En outre, la mesure que vous nous proposez en matière de REI est rétroactive,
compte tenu du décalage de deux ans pour l'imposition à la taxe professionnelle
: ainsi, une entreprise qui aurait investi en 1998 dans l'espoir de bénéficier
de la REI à 50 % ne disposerait plus d'aucune réduction en l'an 2000
lorsqu'elle acquitterait la taxe professionnelle sur les bases
correspondantes.
Notre amendement est mesuré, puisqu'il prévoit de pérenniser la réduction pour
embauche et investissement à la moitié de son montant actuel. Mais il paraît
nécessaire de bien prévoir ce maintien à 25 % et d'éviter la suppression de la
REI à partir de l'an 2000.
M. le président.
La parole est à M. Fréville, pour défendre l'amendement n° I-86.
M. Yves Fréville.
Je m'associe, naturellement, à l'argumentation de M. le rapporteur général. Je
citerai simplement un exemple pour illustrer la situation.
Prenons le cas d'une entreprise qui achète une machine de 1 million de francs.
Compte tenu de la réduction de ses bases de 16 % et de l'intégration de cette
machine pour 16 % de sa valeur, sa base augmentera de 135 000 francs. Si elle
est située dans une commune où le taux moyen, toutes collectivités confondues,
s'élève à 25 %, elle aura à payer 33 000 francs de plus.
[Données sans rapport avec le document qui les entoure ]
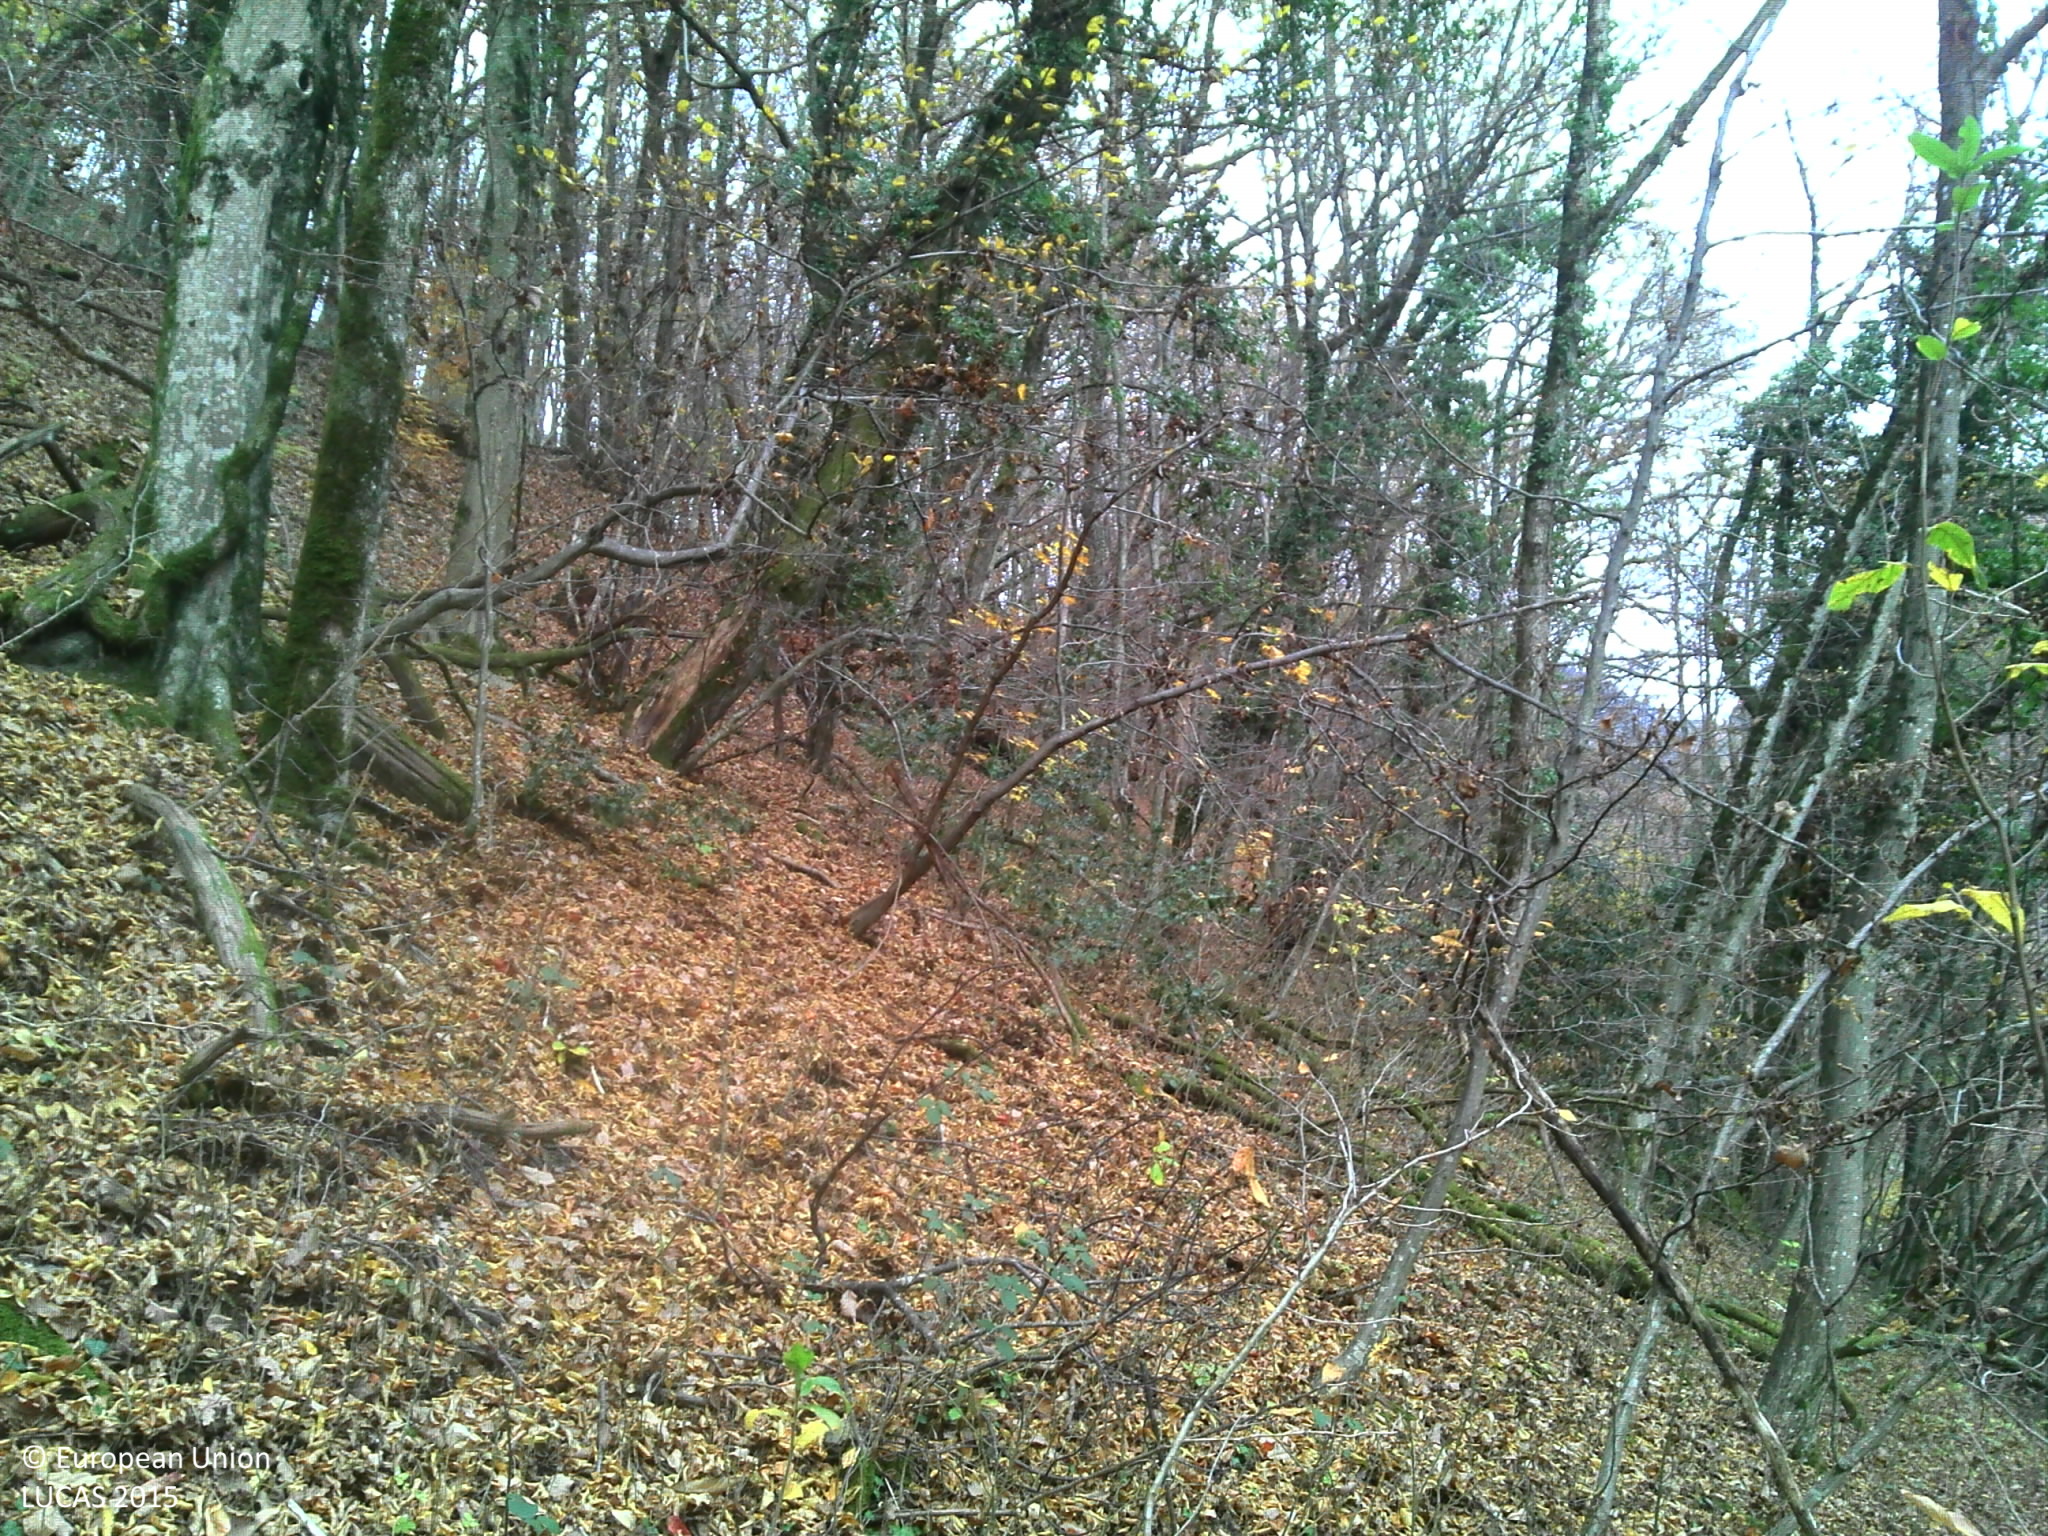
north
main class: Woodland
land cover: Broadleaved woodland
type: mesophytic deciduous forest
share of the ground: > 75 %
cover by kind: broadleaved forest trees 90 %, shrubs 5 %, unconsolidated bare surface 5 %
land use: Forestry
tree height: > 5 m
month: November
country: FR
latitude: 45.6963
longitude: 6.4213
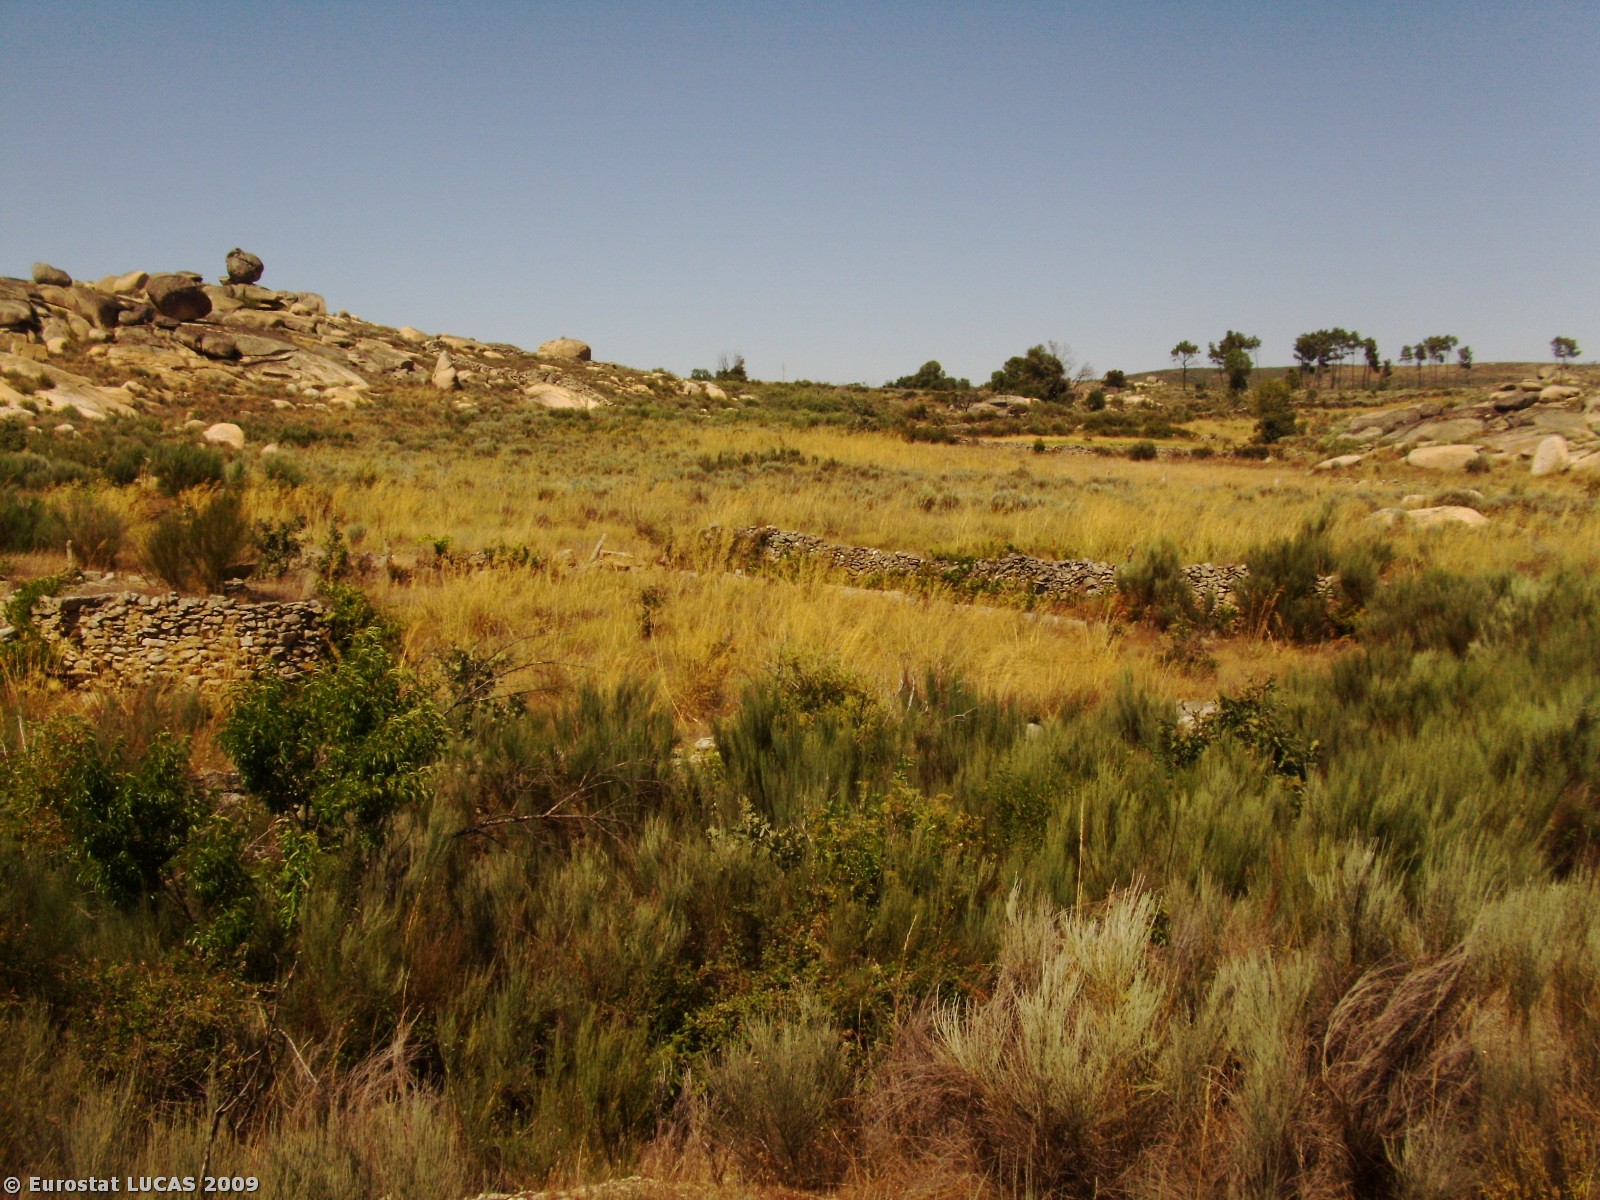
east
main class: Shrubland
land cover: Shrubland with sparse tree cover
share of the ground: > 75 %
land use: Unused
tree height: > 5 m
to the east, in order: Shrubland with sparse tree cover; Dry stone walls; Shrubland with sparse tree cover; Dry stone walls; Shrubland with sparse tree cover; Dry stone walls; Shrubland with sparse tree cover; Dry stone walls; Shrubland with sparse tree cover
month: July
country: PT
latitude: 40.5083
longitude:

C'est la raison pour
laquelle la REI avait été organisée de façon à assurer un lissage du
dispositif.
Dans la mesure où le rapporteur général et moi-même acceptons la moitié de la
réduction, vous pourriez au moins faire en sorte que l'entreprise qui investit
et qui n'a pas immédiatement le rendement de son investissement - il faut
compter deux ou trois ans pour parvenir à tourner à plein régime - puisse
bénéficier de cette réduction, monsieur le secrétaire d'Etat.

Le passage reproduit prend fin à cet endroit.